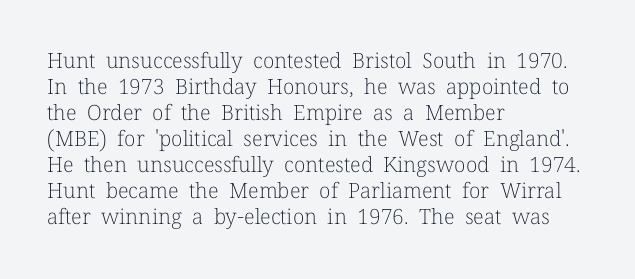
The typography opts for an upright posture over an oblique one. Unmarked baselines from the first word to the last. Students, note that the glyphs here touch the page at normal intervals. Which margin do the lines hug? The left one — the right edge is uneven. The typesetting does not lean heavy: it is not bold.
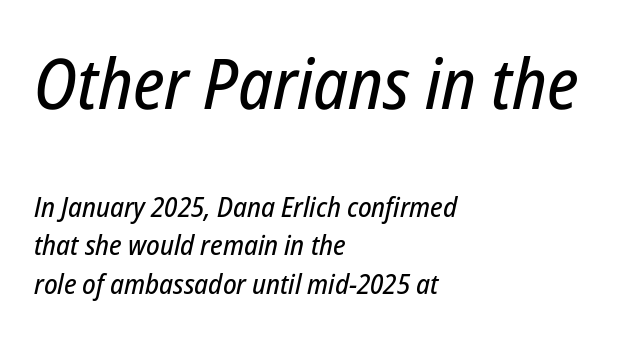
{"italic": "yes", "lean": "right", "slant_degrees": 12, "width": "condensed", "stroke_contrast": "low", "x_height": "medium", "monospaced": "no", "underline": "no", "align": "left", "line_spacing": "normal", "line_spacing_ratio": 1.38, "letter_spacing": "normal", "letter_spacing_em": 0.0, "larger_block": "first", "size_ratio": 2.5, "glyph_px": 70}
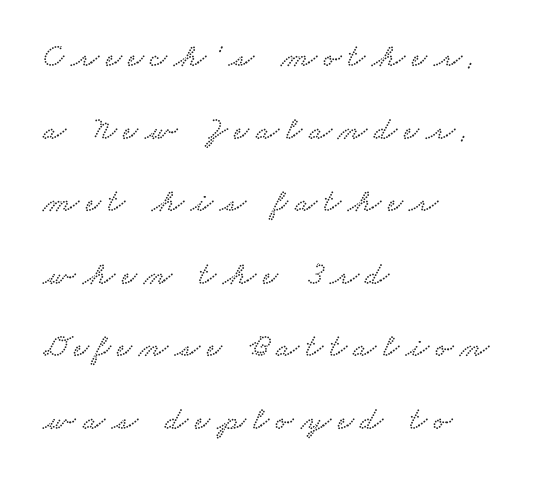
The image shows 33 px wide serif type; set left-aligned, loose line spacing (2.2x), unusually wide letter spacing (+0.21 em), not underlined; low stroke contrast and a small x-height.
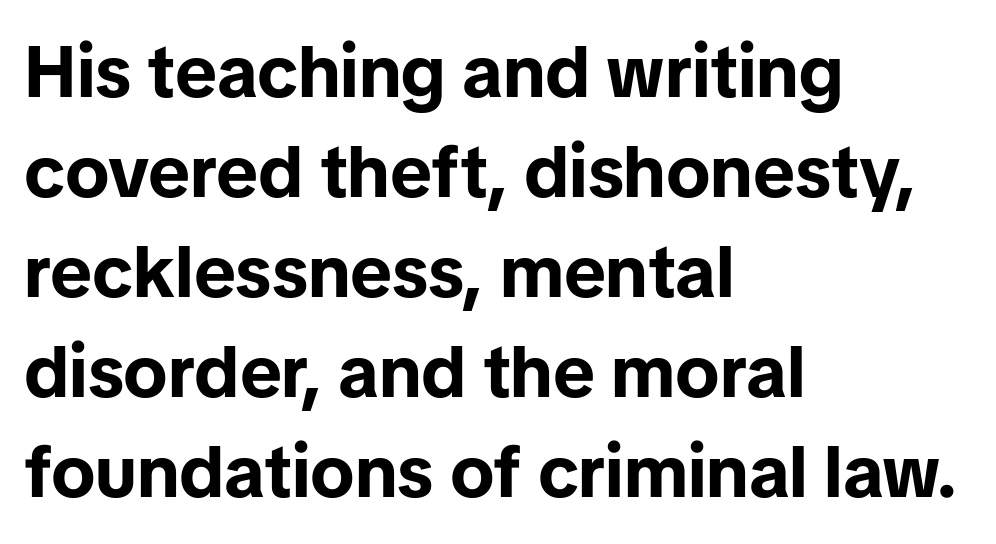
How heavy is the stroke? Heavy — this is a bold. Descender tails drop into unmarked territory. Spacing verdict: proportional, widths tailored to each character. This sample uses an upright cut, with every glyph sitting square on the baseline.
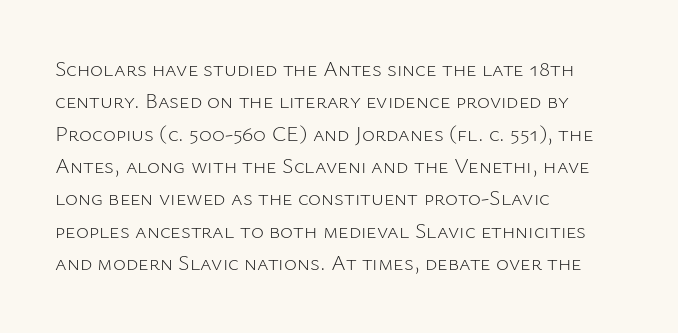
Q: Is the text bold? A: No.
Q: Is the text italic (slanted)? A: No, it is upright.
Q: Is the text underlined? A: No.
Q: How is the paragraph aligned? A: Left-aligned.
Q: Is the spacing between letters normal or unusually wide? A: Normal.
Q: Is the spacing between lines tight, normal or loose? A: Normal.
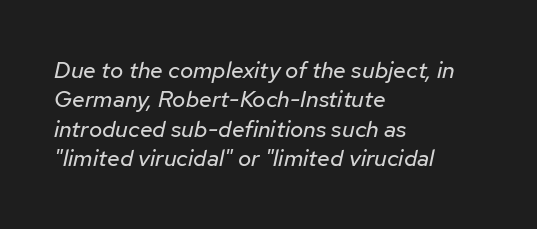
Q: Is the text bold? A: No.
Q: Is the text italic (slanted)? A: Yes, it leans right by about 12 degrees.
Q: Is the text underlined? A: No.
Q: How is the paragraph aligned? A: Left-aligned.
Q: Is the spacing between letters normal or unusually wide? A: Normal.
Q: Is the spacing between lines tight, normal or loose? A: Normal.
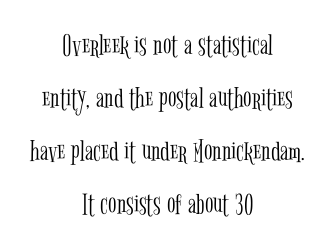
Descender tails drop into unmarked territory. This rendering leaves character spacing at its baseline value. The lettering holds an erect, upright posture throughout. The weight would be labelled regular, book, light, or lighter still.
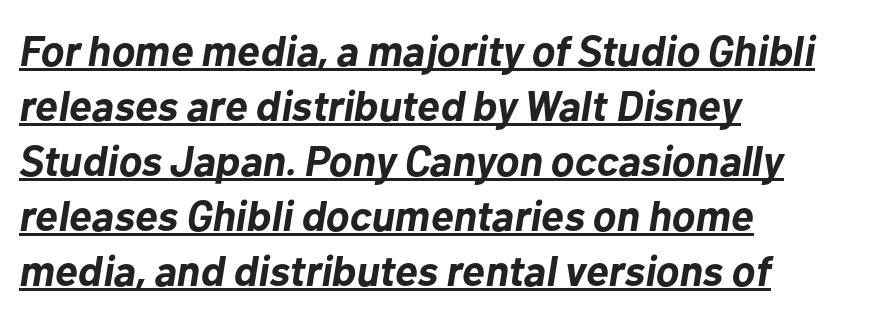
The passage shown is typed in a proportional face where columns would drift. The glyphs have the mass of a bold cut. Students, note that the glyphs here touch the page at normal intervals. Rendered with sloped, italic letterforms. Underlining? Definitely there. All the whitespace from short lines collects on the right.
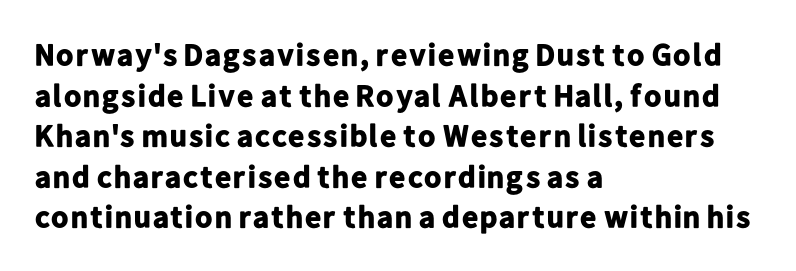
The face used here is proportionally spaced, like ordinary book or web type. Typesetter's note: full bold, strokes at maximum text heaviness. This is the regular roman posture of the typeface. The lines in this sample share a left origin and differ only in where they stop.
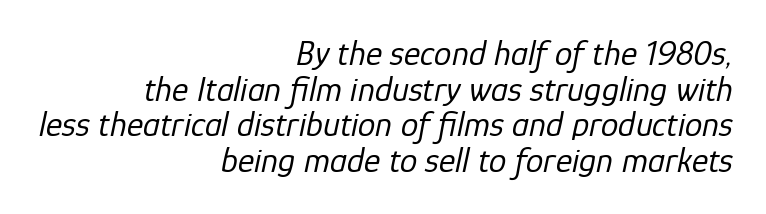
Q: Is the text bold? A: No.
Q: Is the text italic (slanted)? A: Yes, it leans right by about 12 degrees.
Q: Is the text underlined? A: No.
Q: How is the paragraph aligned? A: Right-aligned.
Q: Is the spacing between letters normal or unusually wide? A: Normal.
Q: Is the spacing between lines tight, normal or loose? A: Tight.
Q: Width (condensed, normal, or wide)? A: Normal.
Q: Stroke contrast? A: Low.
Q: x-height? A: Medium.
Q: Monospaced? A: No.
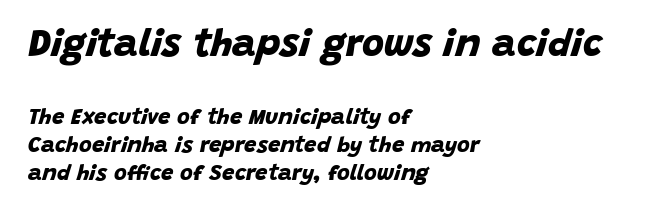
Q: Is the text bold? A: Yes.
Q: Is the typeface a serif or a sans-serif typeface? A: Sans-serif.
Q: Is the text underlined? A: No.
Q: How is the paragraph aligned? A: Left-aligned.
Q: Is the spacing between letters normal or unusually wide? A: Normal.
Q: Is the spacing between lines tight, normal or loose? A: Normal.
Q: Which block of text is set in a larger size, the first (top) or the second (bottom)? A: The first (top) one.
Q: Width (condensed, normal, or wide)? A: Normal.
Q: Stroke contrast? A: Low.
Q: x-height? A: Large.
Q: Monospaced? A: No.
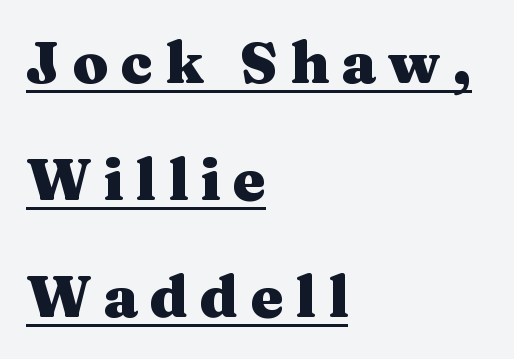
{"serif": "yes", "italic": "no", "bold": "yes", "weight": "heavy", "width": "wide", "stroke_contrast": "medium", "x_height": "medium", "monospaced": "no", "underline": "yes", "align": "left", "line_spacing": "loose", "line_spacing_ratio": 2.02, "letter_spacing": "wide", "letter_spacing_em": 0.21, "glyph_px": 58}
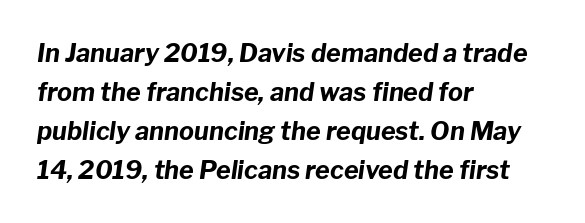
{"italic": "yes", "lean": "right", "slant_degrees": 8, "bold": "yes", "underline": "no", "align": "left", "line_spacing": "normal", "line_spacing_ratio": 1.56, "letter_spacing": "normal", "letter_spacing_em": 0.0, "glyph_px": 25}
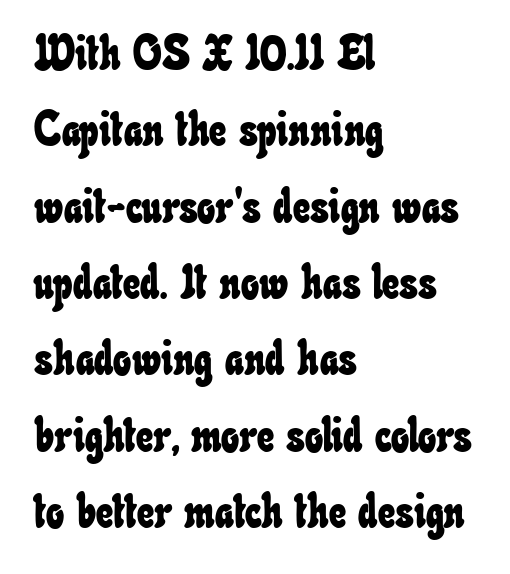
{"width": "condensed", "stroke_contrast": "low", "x_height": "small", "monospaced": "no", "underline": "no", "align": "left", "line_spacing": "normal", "line_spacing_ratio": 1.59, "letter_spacing": "normal", "letter_spacing_em": 0.0, "glyph_px": 48}
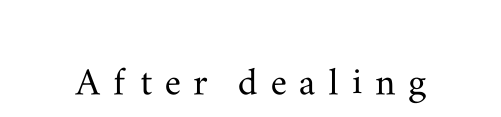
{"serif": "yes", "italic": "no", "width": "wide", "stroke_contrast": "medium", "x_height": "small", "monospaced": "no", "underline": "no", "letter_spacing": "wide", "letter_spacing_em": 0.26, "glyph_px": 48}
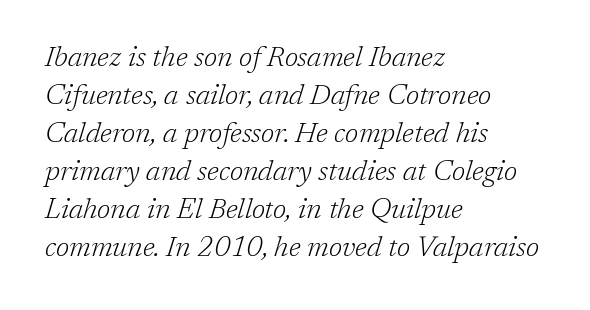
Q: Is the text bold? A: No.
Q: Is the text italic (slanted)? A: Yes, it leans right by about 17 degrees.
Q: Is the typeface a serif or a sans-serif typeface? A: Serif.
Q: Is the text underlined? A: No.
Q: How is the paragraph aligned? A: Left-aligned.
Q: Is the spacing between letters normal or unusually wide? A: Normal.
Q: Is the spacing between lines tight, normal or loose? A: Normal.
Q: Width (condensed, normal, or wide)? A: Normal.
Q: Stroke contrast? A: Low.
Q: x-height? A: Medium.
Q: Monospaced? A: No.
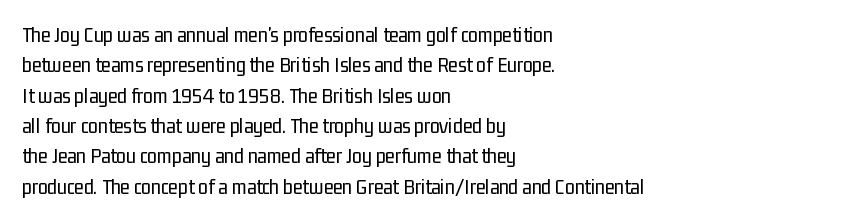
{"italic": "no", "bold": "no", "underline": "no", "align": "left", "line_spacing": "normal", "line_spacing_ratio": 1.38, "letter_spacing": "normal", "letter_spacing_em": 0.0, "glyph_px": 22}
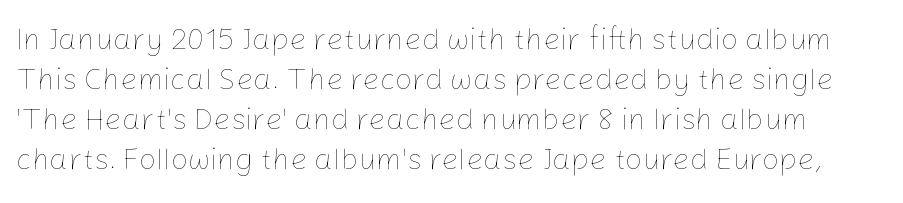
Q: Is the text bold? A: No.
Q: Is the text italic (slanted)? A: No, it is upright.
Q: Is the text underlined? A: No.
Q: Is the spacing between letters normal or unusually wide? A: Normal.
Q: Is the spacing between lines tight, normal or loose? A: Normal.
Q: Width (condensed, normal, or wide)? A: Normal.
Q: Stroke contrast? A: Low.
Q: x-height? A: Medium.
Q: Monospaced? A: No.
+ + + + + + +
Your assignment
Write down the full listing above exactly as it is, except for any images.

Response
The typography opts for an upright posture over an oblique one. Unmarked baselines from the first word to the last. Students, note that the glyphs here touch the page at normal intervals. Which margin do the lines hug? The left one — the right edge is uneven. The typesetting does not lean heavy: it is not bold.
{"italic": "yes", "lean": "right", "slant_degrees": 12, "width": "condensed", "stroke_contrast": "low", "x_height": "medium", "monospaced": "no", "underline": "no", "align": "left", "line_spacing": "normal", "line_spacing_ratio": 1.38, "letter_spacing": "normal", "letter_spacing_em": 0.0, "larger_block": "first", "size_ratio": 2.5, "glyph_px": 70}
The image shows 33 px wide serif type; set left-aligned, loose line spacing (2.2x), unusually wide letter spacing (+0.21 em), not underlined; low stroke contrast and a small x-height.
How heavy is the stroke? Heavy — this is a bold. Descender tails drop into unmarked territory. Spacing verdict: proportional, widths tailored to each character. This sample uses an upright cut, with every glyph sitting square on the baseline.
Q: Is the text bold? A: No.
Q: Is the text italic (slanted)? A: No, it is upright.
Q: Is the text underlined? A: No.
Q: How is the paragraph aligned? A: Left-aligned.
Q: Is the spacing between letters normal or unusually wide? A: Normal.
Q: Is the spacing between lines tight, normal or loose? A: Normal.
Q: Is the text bold? A: No.
Q: Is the text italic (slanted)? A: Yes, it leans right by about 12 degrees.
Q: Is the text underlined? A: No.
Q: How is the paragraph aligned? A: Left-aligned.
Q: Is the spacing between letters normal or unusually wide? A: Normal.
Q: Is the spacing between lines tight, normal or loose? A: Normal.
Descender tails drop into unmarked territory. This rendering leaves character spacing at its baseline value. The lettering holds an erect, upright posture throughout. The weight would be labelled regular, book, light, or lighter still.
The passage shown is typed in a proportional face where columns would drift. The glyphs have the mass of a bold cut. Students, note that the glyphs here touch the page at normal intervals. Rendered with sloped, italic letterforms. Underlining? Definitely there. All the whitespace from short lines collects on the right.
The face used here is proportionally spaced, like ordinary book or web type. Typesetter's note: full bold, strokes at maximum text heaviness. This is the regular roman posture of the typeface. The lines in this sample share a left origin and differ only in where they stop.
Q: Is the text bold? A: No.
Q: Is the text italic (slanted)? A: Yes, it leans right by about 12 degrees.
Q: Is the text underlined? A: No.
Q: How is the paragraph aligned? A: Right-aligned.
Q: Is the spacing between letters normal or unusually wide? A: Normal.
Q: Is the spacing between lines tight, normal or loose? A: Tight.
Q: Width (condensed, normal, or wide)? A: Normal.
Q: Stroke contrast? A: Low.
Q: x-height? A: Medium.
Q: Monospaced? A: No.
Q: Is the text bold? A: Yes.
Q: Is the typeface a serif or a sans-serif typeface? A: Sans-serif.
Q: Is the text underlined? A: No.
Q: How is the paragraph aligned? A: Left-aligned.
Q: Is the spacing between letters normal or unusually wide? A: Normal.
Q: Is the spacing between lines tight, normal or loose? A: Normal.
Q: Which block of text is set in a larger size, the first (top) or the second (bottom)? A: The first (top) one.
Q: Width (condensed, normal, or wide)? A: Normal.
Q: Stroke contrast? A: Low.
Q: x-height? A: Large.
Q: Monospaced? A: No.
{"serif": "yes", "italic": "no", "bold": "yes", "weight": "heavy", "width": "wide", "stroke_contrast": "medium", "x_height": "medium", "monospaced": "no", "underline": "yes", "align": "left", "line_spacing": "loose", "line_spacing_ratio": 2.02, "letter_spacing": "wide", "letter_spacing_em": 0.21, "glyph_px": 58}
{"italic": "yes", "lean": "right", "slant_degrees": 8, "bold": "yes", "underline": "no", "align": "left", "line_spacing": "normal", "line_spacing_ratio": 1.56, "letter_spacing": "normal", "letter_spacing_em": 0.0, "glyph_px": 25}
{"width": "condensed", "stroke_contrast": "low", "x_height": "small", "monospaced": "no", "underline": "no", "align": "left", "line_spacing": "normal", "line_spacing_ratio": 1.59, "letter_spacing": "normal", "letter_spacing_em": 0.0, "glyph_px": 48}
{"serif": "yes", "italic": "no", "width": "wide", "stroke_contrast": "medium", "x_height": "small", "monospaced": "no", "underline": "no", "letter_spacing": "wide", "letter_spacing_em": 0.26, "glyph_px": 48}
Q: Is the text bold? A: No.
Q: Is the text italic (slanted)? A: Yes, it leans right by about 17 degrees.
Q: Is the typeface a serif or a sans-serif typeface? A: Serif.
Q: Is the text underlined? A: No.
Q: How is the paragraph aligned? A: Left-aligned.
Q: Is the spacing between letters normal or unusually wide? A: Normal.
Q: Is the spacing between lines tight, normal or loose? A: Normal.
Q: Width (condensed, normal, or wide)? A: Normal.
Q: Stroke contrast? A: Low.
Q: x-height? A: Medium.
Q: Monospaced? A: No.
{"italic": "no", "bold": "no", "underline": "no", "align": "left", "line_spacing": "normal", "line_spacing_ratio": 1.38, "letter_spacing": "normal", "letter_spacing_em": 0.0, "glyph_px": 22}
Q: Is the text bold? A: No.
Q: Is the text italic (slanted)? A: No, it is upright.
Q: Is the text underlined? A: No.
Q: Is the spacing between letters normal or unusually wide? A: Normal.
Q: Is the spacing between lines tight, normal or loose? A: Normal.
Q: Width (condensed, normal, or wide)? A: Normal.
Q: Stroke contrast? A: Low.
Q: x-height? A: Medium.
Q: Monospaced? A: No.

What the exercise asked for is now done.